Hezuo (HZ) pig is a very valuable genetic species resource, which is the unique native pig breed in Qinghai-Tibet Plateau of China, mainly distributed in Xiahe, Zhuoni, and Diebu of Gannan Tibetan Autonomous Prefecture (20). Compared to western breed (such as Landrace and Yorkshire), HZ pig has small size, strong disease resistance and early sexual maturation. HZ boar has sexual desire at 45 days and reach sexual maturity at around 4 months (21). However, there are few reports on precocious puberty in HZ pig. In the study, serum hormones (T, E₂, FSH, and LH) were assayed in HZ and Landrace (LC) boars at 30, 90, 120, 180, and 240 days. And 12 small RNA-Seq libraries were constructed and sequenced using Illumina-HiSeq™ 2,500 to identify miRNA from Tests of 30-days-old and 120-days-old HZ and LC boars, so as to explore key miRNAs that regulated early maturation process in HZ boar.

Materials and methods

Ethics statement

This study followed strictly the animal ethical standards and regulations of the College of Animal Science and Technology, Gansu Agricultural University (approval number 2006–398). All works were made to minimize pain experienced by the experimental boars.
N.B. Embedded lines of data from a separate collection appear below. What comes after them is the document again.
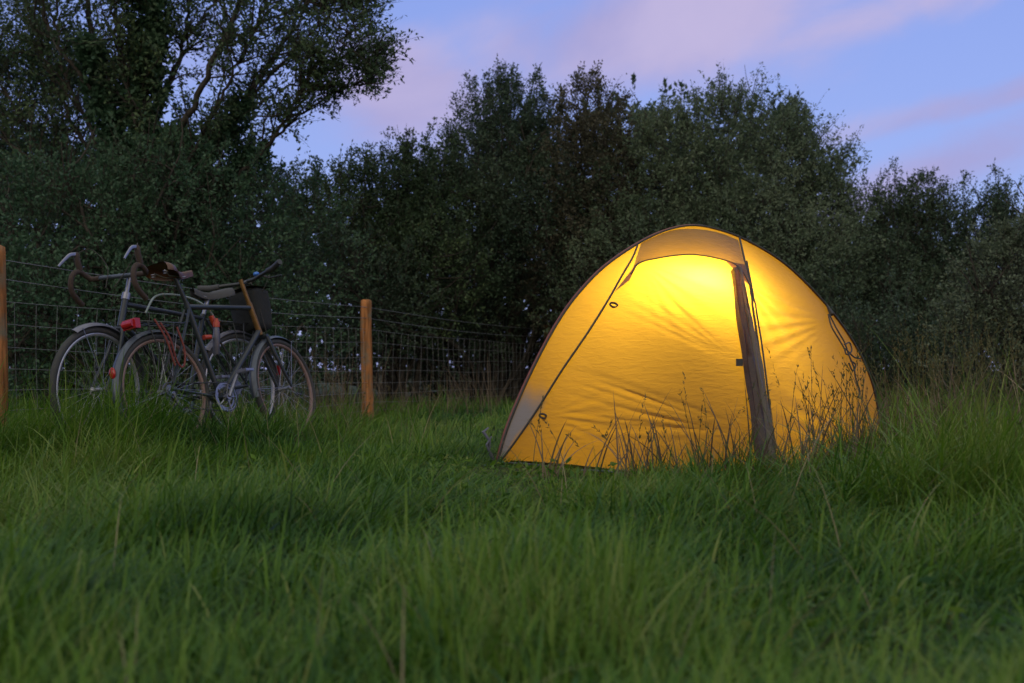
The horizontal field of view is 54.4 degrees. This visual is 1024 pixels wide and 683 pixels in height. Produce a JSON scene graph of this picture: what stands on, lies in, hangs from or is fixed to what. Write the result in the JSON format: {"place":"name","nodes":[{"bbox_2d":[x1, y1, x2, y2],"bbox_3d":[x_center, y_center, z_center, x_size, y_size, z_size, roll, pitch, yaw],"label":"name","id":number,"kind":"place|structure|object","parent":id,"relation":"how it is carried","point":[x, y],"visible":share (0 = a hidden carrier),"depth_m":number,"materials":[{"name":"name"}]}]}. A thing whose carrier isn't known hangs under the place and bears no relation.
{"place":"outdoors","nodes":[
{"label":"outdoors","id":0,"kind":"place"},
{"bbox_2d":[0,0,1023,370],"label":"sky","id":1,"kind":"structure","parent":0,"point":[929,83],"materials":[{"name":"blue"}]},
{"bbox_2d":[0,335,1023,682],"bbox_3d":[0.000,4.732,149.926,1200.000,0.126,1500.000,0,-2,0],"label":"ground","id":2,"kind":"structure","parent":0,"point":[948,630],"depth_m":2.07,"materials":[{"name":"green plant"}]},
{"bbox_2d":[0,0,305,402],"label":"alder tree","id":3,"kind":"object","parent":2,"relation":"on","point":[36,88],"visible":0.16,"depth_m":11.96,"materials":[{"name":"green plant"}]},
{"bbox_2d":[48,243,280,430],"bbox_3d":[-1.988,0.038,5.909,0.499,1.163,1.786,-9,-6,28],"label":"bicycle","id":4,"kind":"object","parent":2,"relation":"on","point":[117,336],"visible":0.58,"depth_m":5.66,"materials":[{"name":"grey metal"}]},
{"bbox_2d":[213,318,219,353],"bbox_3d":[-1.802,-0.032,6.069,0.042,0.220,0.042,0,-2,0],"label":"water bottle","id":5,"kind":"object","parent":4,"relation":"on","point":[216,337],"visible":1,"depth_m":6.05,"materials":[{"name":"silver plastic"}]},
{"bbox_2d":[0,103,387,412],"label":"thorn thicket","id":6,"kind":"object","parent":2,"relation":"on","point":[216,251],"visible":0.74,"depth_m":9.89,"materials":[{"name":"green plant"}]},
{"bbox_2d":[0,0,423,405],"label":"ash tree","id":7,"kind":"object","parent":2,"relation":"on","point":[143,54],"visible":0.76,"depth_m":10.93,"materials":[{"name":"green plant"}]},
{"bbox_2d":[109,259,315,432],"bbox_3d":[-1.769,0.081,6.090,0.651,1.106,1.707,-13,-8,27],"label":"bicycle","id":8,"kind":"object","parent":2,"relation":"on","point":[163,271],"visible":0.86,"depth_m":5.91,"materials":[{"name":"grey metal"}]},
{"bbox_2d":[144,293,214,339],"bbox_3d":[-1.941,-0.147,5.897,0.118,0.271,0.532,-1,-2,32],"label":"cable lock","id":9,"kind":"object","parent":8,"relation":"attached to","point":[212,320],"visible":0.87,"depth_m":5.97,"materials":[{"name":"grey plastic"}]},
{"bbox_2d":[229,285,271,334],"bbox_3d":[-1.717,-0.205,6.543,0.244,0.297,0.199,-13,-8,27],"label":"handlebar bag","id":10,"kind":"object","parent":8,"relation":"hanging from","point":[259,299],"visible":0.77,"depth_m":6.47,"materials":[{"name":"black fabric"}]},
{"bbox_2d":[0,245,549,437],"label":"wire fence","id":11,"kind":"object","parent":2,"relation":"on","point":[365,317],"visible":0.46,"depth_m":8.41,"materials":[{"name":"grey metal"}]},
{"bbox_2d":[73,335,525,420],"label":"dead stalks","id":12,"kind":"object","parent":2,"relation":"on","point":[402,398],"visible":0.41,"depth_m":9.51,"materials":[{"name":"brown plant"}]},
{"bbox_2d":[262,122,512,401],"bbox_3d":[-1.690,-1.116,13.605,3.426,4.052,2.721,0,-2,0],"label":"elder bush","id":13,"kind":"object","parent":2,"relation":"on","point":[394,217],"visible":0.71,"depth_m":13.32,"materials":[{"name":"green plant"}]},
{"bbox_2d":[222,198,590,399],"bbox_3d":[-0.827,-0.663,14.469,3.229,3.492,7.807,-2,-2,43],"label":"blackthorn hedge","id":14,"kind":"object","parent":2,"relation":"on","point":[459,362],"visible":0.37,"depth_m":12.71,"materials":[{"name":"green plant"}]},
{"bbox_2d":[366,54,615,400],"bbox_3d":[-0.313,-1.700,14.388,3.840,5.272,3.126,0,-2,0],"label":"hawthorn tree","id":15,"kind":"object","parent":2,"relation":"on","point":[512,211],"visible":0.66,"depth_m":14.00,"materials":[{"name":"green plant"}]},
{"bbox_2d":[0,65,1021,396],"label":"hedge","id":16,"kind":"object","parent":2,"relation":"on","point":[426,369],"visible":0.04,"depth_m":17.16,"materials":[{"name":"green plant"}]},
{"bbox_2d":[1,344,1023,682],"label":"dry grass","id":17,"kind":"structure","parent":2,"relation":"on","point":[543,502],"depth_m":2.92,"materials":[{"name":"plant"}]},
{"bbox_2d":[504,59,663,348],"bbox_3d":[1.068,-1.532,13.883,2.401,4.901,2.021,0,-2,0],"label":"holly tree","id":18,"kind":"object","parent":2,"relation":"on","point":[581,125],"visible":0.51,"depth_m":13.76,"materials":[{"name":"green plant"}]},
{"bbox_2d":[168,298,1023,476],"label":"seeding grass","id":19,"kind":"structure","parent":2,"relation":"on","point":[932,386],"depth_m":4.39,"materials":[{"name":"plant"}]},
{"bbox_2d":[482,224,880,475],"bbox_3d":[0.865,-0.002,5.066,1.588,1.203,1.992,-1,-2,32],"label":"tent","id":20,"kind":"object","parent":2,"relation":"on","point":[713,313],"visible":0.8,"depth_m":4.57,"materials":[{"name":"yellow fabric"}]},
{"bbox_2d":[528,59,901,354],"bbox_3d":[2.913,-1.594,14.011,5.483,5.210,4.163,0,-2,0],"label":"willow tree","id":21,"kind":"object","parent":2,"relation":"on","point":[802,221],"visible":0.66,"depth_m":13.71,"materials":[{"name":"green plant"}]},
{"bbox_2d":[527,357,1023,479],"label":"long grass","id":22,"kind":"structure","parent":2,"relation":"on","point":[802,447],"depth_m":3.95,"materials":[{"name":"green plant"}]},
{"bbox_2d":[804,156,1023,397],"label":"hazel bush","id":23,"kind":"object","parent":2,"relation":"on","point":[905,214],"visible":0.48,"depth_m":14.86,"materials":[{"name":"green plant"}]},
{"bbox_2d":[821,262,1021,400],"bbox_3d":[3.808,0.037,12.262,6.044,2.005,2.719,-1,-2,17],"label":"bramble thicket","id":24,"kind":"object","parent":2,"relation":"on","point":[850,317],"visible":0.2,"depth_m":11.68,"materials":[{"name":"green plant"}]},
{"bbox_2d":[913,180,1023,404],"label":"dogwood bush","id":25,"kind":"object","parent":2,"relation":"on","point":[1005,250],"visible":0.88,"depth_m":9.90,"materials":[{"name":"green plant"}]}
]}

Animals and determination of sex hormone concentration

In this study, 15 Hezuo and 15 Landrace boars (All boars from the Gansu Sunxiang breeding Co., Ltd. of Zhuoni in China) were used, divided in 5 periods (30, 90, 120, 180, and 240d) of 3 boars each. Blood samples of all 30 boars were drawn from the anterior vena cava. These samples were centrifuged (3,000 rpm for 10 mins) within 1 h of collection, stored at−20°C until assay for T, E₂, FSH, and LH concentrations. The serum concentrations of T, E₂, FSH, and LH in each boar was determined in triplicate by a commercial enzyme-linked immunosorbent assay (ELISA) kit (MEIMIAN, Jiangsu, China). The serum levels of T, E₂, FSH, and LH were measured according to the vendor's instructions. The data were analyzed by one-way Analysis of Variance (ANOVA) using SPSS software.

Paraffin embedding and HE staining

Testicular samples were fixed in Bouin' solution for 72 h and then were processed into paraffin sections of 4–6 μm thickness, and subjected to hematoxylin and eosin (HE) and examined with a light microscope. Diameter of spermatogenic tubule was measured and the number of spermatogenic cells and Sertoli cells was counted. One-way ANOVA was performed using SPSS software.
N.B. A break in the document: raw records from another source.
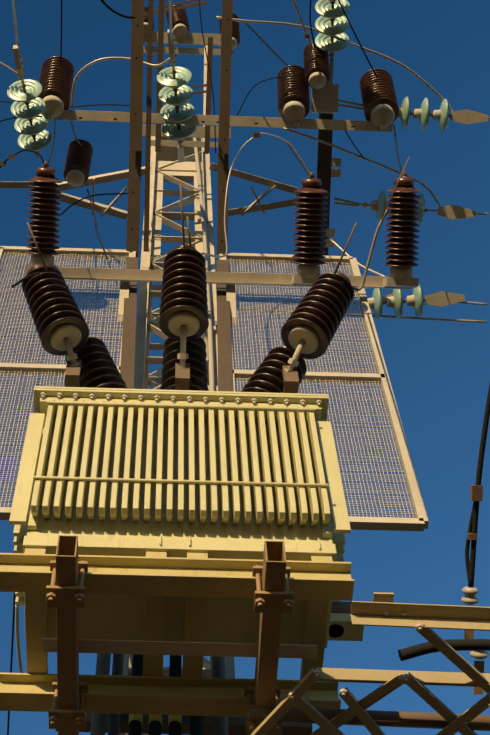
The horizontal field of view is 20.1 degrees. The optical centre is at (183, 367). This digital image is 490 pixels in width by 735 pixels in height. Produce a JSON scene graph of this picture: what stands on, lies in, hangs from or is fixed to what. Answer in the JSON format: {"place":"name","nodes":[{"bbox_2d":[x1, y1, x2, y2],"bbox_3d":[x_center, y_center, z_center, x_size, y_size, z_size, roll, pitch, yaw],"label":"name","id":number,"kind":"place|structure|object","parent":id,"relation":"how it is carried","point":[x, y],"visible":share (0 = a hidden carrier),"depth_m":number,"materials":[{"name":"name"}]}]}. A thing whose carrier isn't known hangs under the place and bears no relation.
{"place":"outdoors","nodes":[
{"label":"outdoors","id":0,"kind":"place"},
{"bbox_2d":[0,0,489,734],"label":"sky","id":1,"kind":"structure","parent":0,"point":[438,371],"materials":[{"name":"blue"}]},
{"label":"ground","id":2,"kind":"structure","parent":0,"visible":0},
{"bbox_2d":[119,136,234,734],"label":"lattice tower","id":3,"kind":"structure","parent":2,"relation":"on","point":[166,166],"depth_m":8.86,"materials":[{"name":"metal"}]},
{"bbox_2d":[120,0,232,391],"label":"gantry frame","id":4,"kind":"object","parent":3,"relation":"attached to","point":[225,378],"visible":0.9,"depth_m":8.27,"materials":[{"name":"brown metal"}]},
{"bbox_2d":[0,246,428,530],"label":"screen","id":5,"kind":"object","parent":4,"relation":"attached to","point":[419,521],"visible":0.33,"depth_m":6.99,"materials":[{"name":"metal"}]},
{"bbox_2d":[0,0,489,322],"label":"conductors","id":6,"kind":"object","parent":4,"relation":"attached to","point":[255,135],"visible":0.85,"depth_m":8.53,"materials":[{"name":"silver metal"}]},
{"bbox_2d":[0,0,410,325],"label":"cross arms","id":7,"kind":"object","parent":3,"relation":"attached to","point":[324,102],"visible":0.73,"depth_m":8.88},
{"bbox_2d":[26,4,420,287],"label":"post insulators","id":8,"kind":"object","parent":7,"relation":"attached to","point":[379,101],"visible":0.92,"depth_m":7.59,"materials":[{"name":"brown ceramic"}]},
{"bbox_2d":[7,0,488,319],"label":"glass disc strings","id":9,"kind":"object","parent":7,"relation":"hanging from","point":[175,95],"visible":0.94,"depth_m":8.71,"materials":[{"name":"glass"}]},
{"bbox_2d":[42,592,489,734],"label":"truss","id":10,"kind":"object","parent":3,"relation":"attached to","point":[304,715],"visible":0.98,"depth_m":4.14,"materials":[{"name":"metal"}]},
{"bbox_2d":[0,535,354,734],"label":"platform","id":11,"kind":"structure","parent":10,"relation":"attached to","point":[66,578],"depth_m":4.18,"materials":[{"name":"paint"}]},
{"bbox_2d":[9,386,363,647],"bbox_3d":[0.014,0.520,4.675,1.126,0.845,0.559,2,-62,-1],"label":"transformer","id":12,"kind":"object","parent":11,"relation":"on","point":[171,473],"visible":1,"depth_m":4.42,"materials":[{"name":"paint"}]},
{"bbox_2d":[22,243,353,392],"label":"insulator bushings","id":13,"kind":"object","parent":12,"relation":"on","point":[311,325],"visible":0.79,"depth_m":5.09,"materials":[{"name":"brown ceramic"}]},
{"bbox_2d":[7,383,489,734],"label":"power cables","id":14,"kind":"object","parent":2,"relation":"on","point":[477,648],"visible":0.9,"depth_m":4.74,"materials":[{"name":"black rubber"}]}
]}

Testis sample collection and RNA extraction

All 30-days-old (sexually immature) and 120-days-old (sexually mature) HZ boars, and LC boars at the same age were castrated to obtain the testes samples. The testes on the same side were immediately frozen in liquid nitrogen and then stored at−80°C until further use. Total RNA was extracted from pooled samples by Trizol reagent kit (Invitrogen, Carlsbad, CA, United States) according to the manufacturer's instructions. Quantity and integrality of total RNA was detected by Agilent 2,100 (Agilent, United States) and NanoDrop 2,000 (Thermo Scientific, United States) instruments, and small RNA obtained from total RNA was used to construct small RNA libraries were then tested for quality and yield using Agilent 2,100 and ABI StepOnePlus Real-Time PCR System (Life Technologies). RNA with a RIN ≥7 was used to construct small RNA libraries and subsequent sequencing. The average RIN value of the RNA samples extracted from all testis tissues was 8.4 ± 0.70.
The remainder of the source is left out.